LC_PAPER="de_DE.UTF-8"
LC_NAME="de_DE.UTF-8"
LC_ADDRESS="de_DE.UTF-8"
LC_TELEPHONE="de_DE.UTF-8"
LC_MEASUREMENT="de_DE.UTF-8"
LC_IDENTIFICATION="de_DE.UTF-8"
LC_ALL=de_DE.UTF-8

If I change my passthru-call in PHP to the following:

passthru("LANG=de_DE.UTF-8 python3 /var/www/html/openWB/test.py 2>&1");

then everything works fine.

Where is LANG=C coming from? Not from here:

cat /etc/default/locale
#  File generated by update-locale
LANG=de_DE.UTF-8
LC_ALL=de_DE.UTF-8
LANGUAGE=de_DE.UTF-8

System is Raspbian GNU/Linux 9 (stretch).

Interpretation

Obviously the scripts success is dependent on the settings of my user. I used to think that python scripts are mostly portable across systems. Now I learned they are not even portable from one user to another ;-). Of course it is fine that environment variables change the appearance of the application in question, however it is not so fine that it is guaranteed to break the whole application.
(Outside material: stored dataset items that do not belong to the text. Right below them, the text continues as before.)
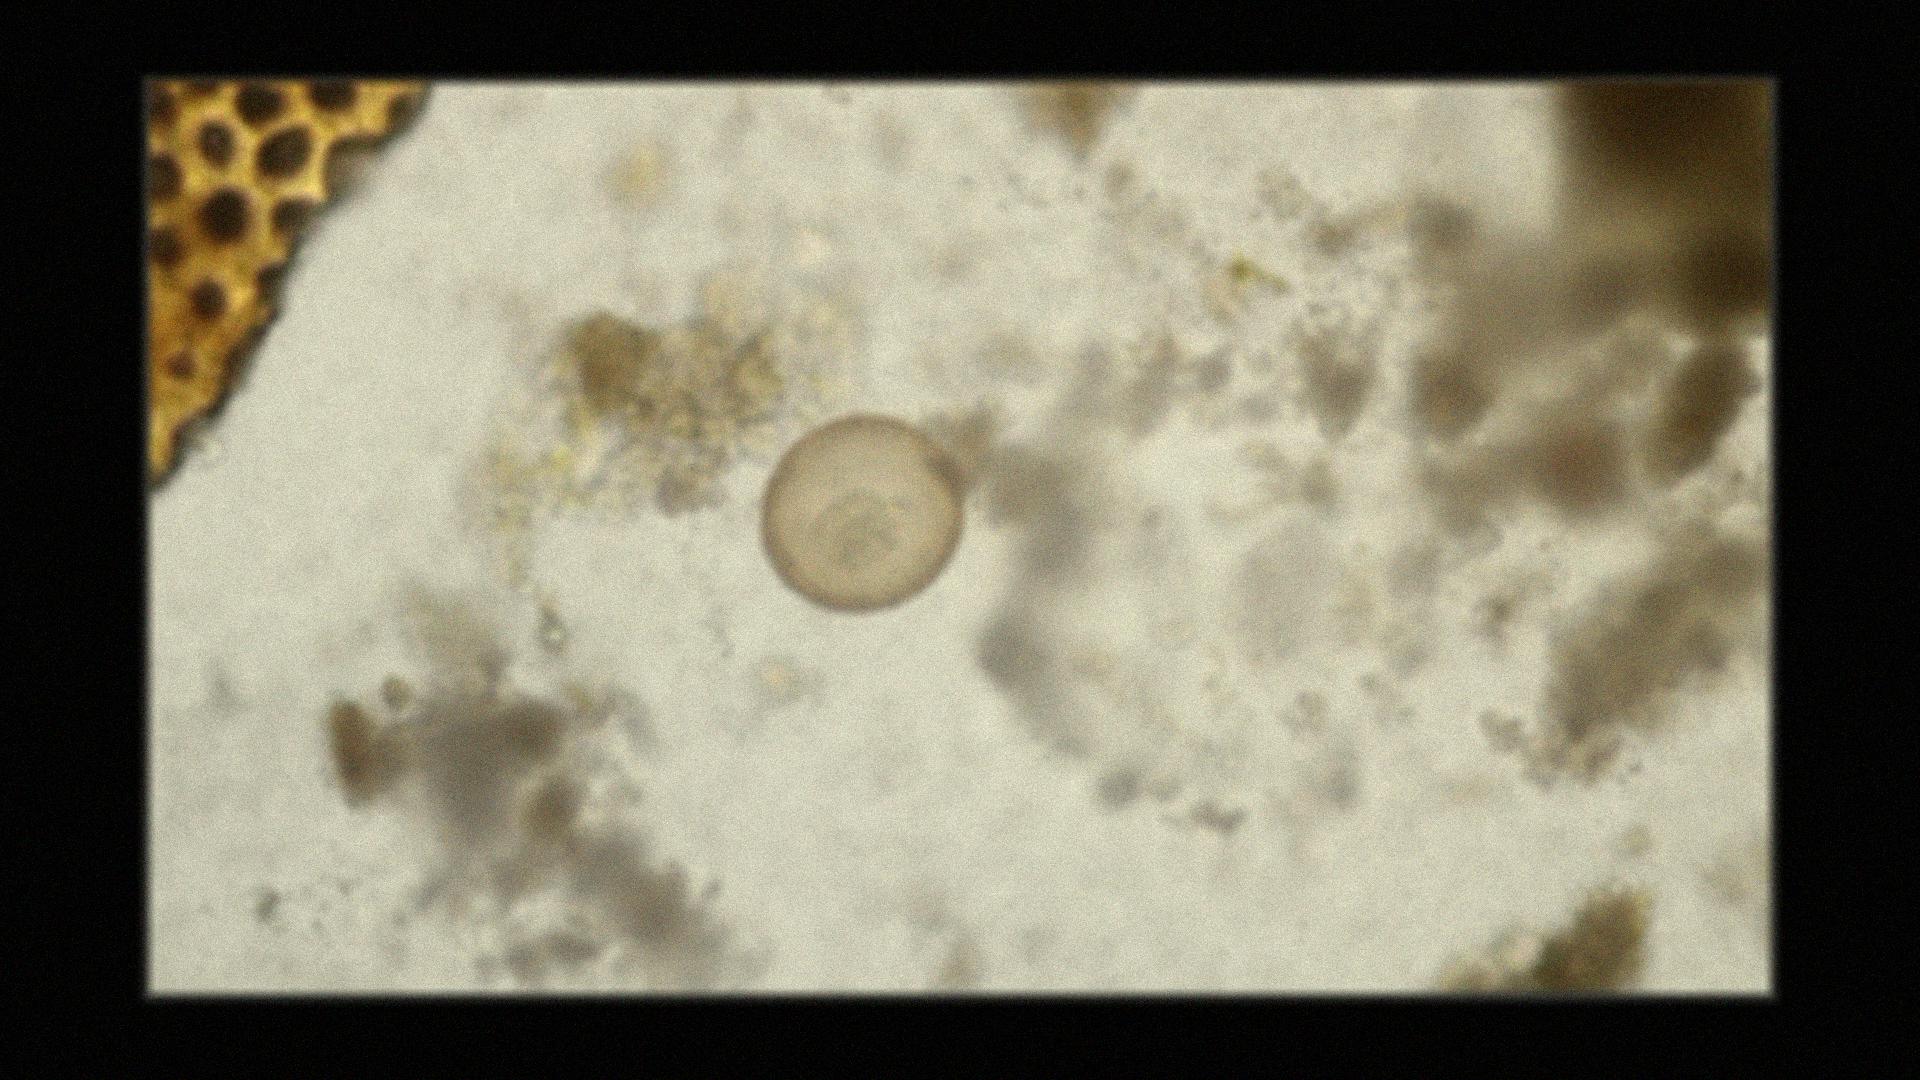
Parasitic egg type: Hymenolepis diminuta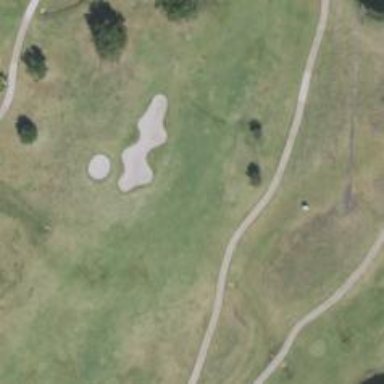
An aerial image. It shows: Golf hole.
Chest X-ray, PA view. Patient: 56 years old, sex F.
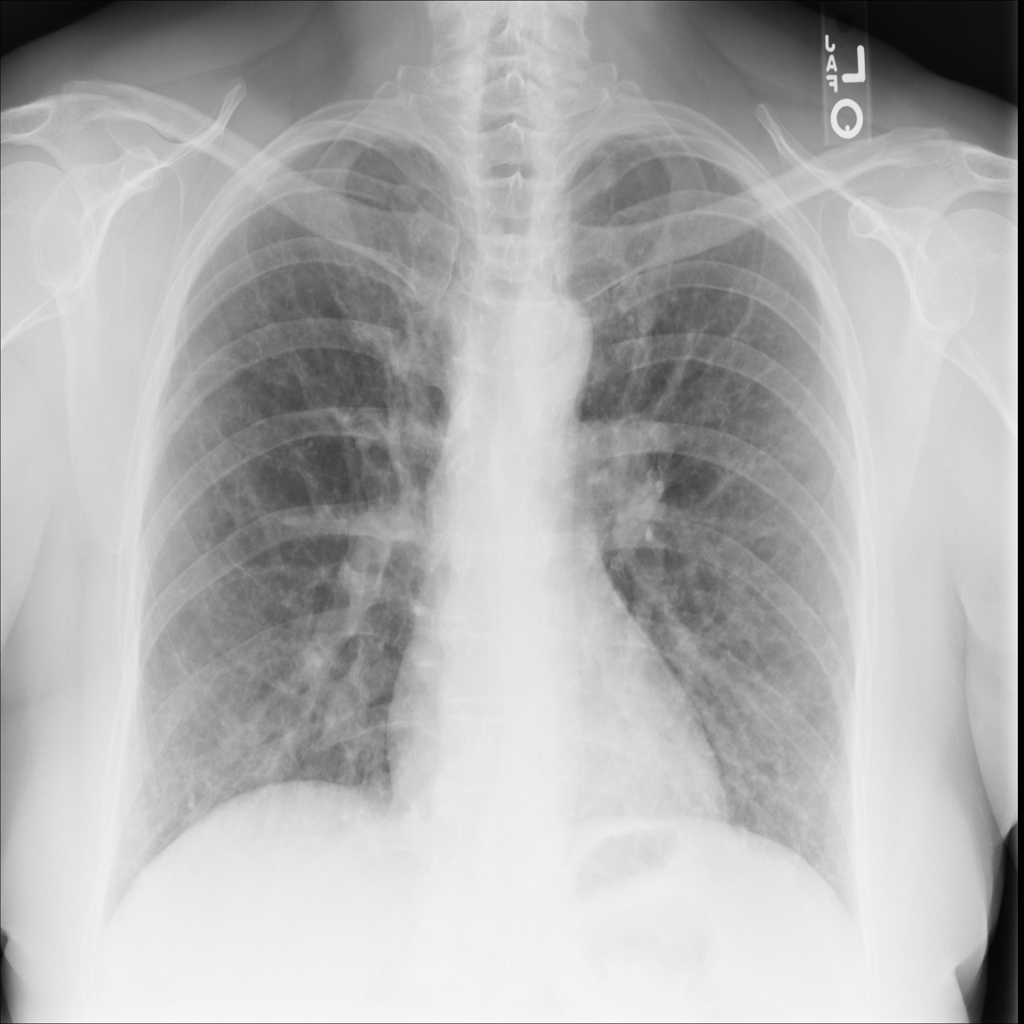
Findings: No Finding

I assume I either need to change my Python script to force UTF-8 (not quite sure why this is not the default behavior if anything else fails anyway) or I need to set the LANG variable for the PHP scripts. For both options the question is: What is the simplest/shortest/most effective way to do that? In best case there is a single option I change to globally fix this for the whole systems. Root access is available.

Note that I am currently stuck on Python 3.5.3 and cannot easily upgrade.

yankee
  • 38,872
  • 15
  • 103
  • 162

2 Answers2

3

If you are unable to upgrade to python3.7+ (where a UTF-8 mode by default is available even with LANG=C):

$ LANG=C python3.7 script.py
INFO:root:€

and unable to control the environment when the script is called (where you could set LANG=C.UTF-8 (an agnostic UTF-8 locale) or some other more-specific language-country pair locale):

$ LANG=C.UTF-8 python3.5 script.py
INFO:root:€

and can't force the encoding via PYTHONIOENCODING:

$ LANG=C PYTHONIOENCODING=UTF-8 python3.5 script.py
INFO:root:€

then you've got a few gross choices like re-opening the standard streams:

$ cat script.py
import locale
import logging
import sys

sys.stdout = open(sys.stdout.fileno(), mode='w', encoding='utf8', buffering=1)
sys.stderr = open(sys.stderr.fileno(), mode='w', encoding='utf8', buffering=1)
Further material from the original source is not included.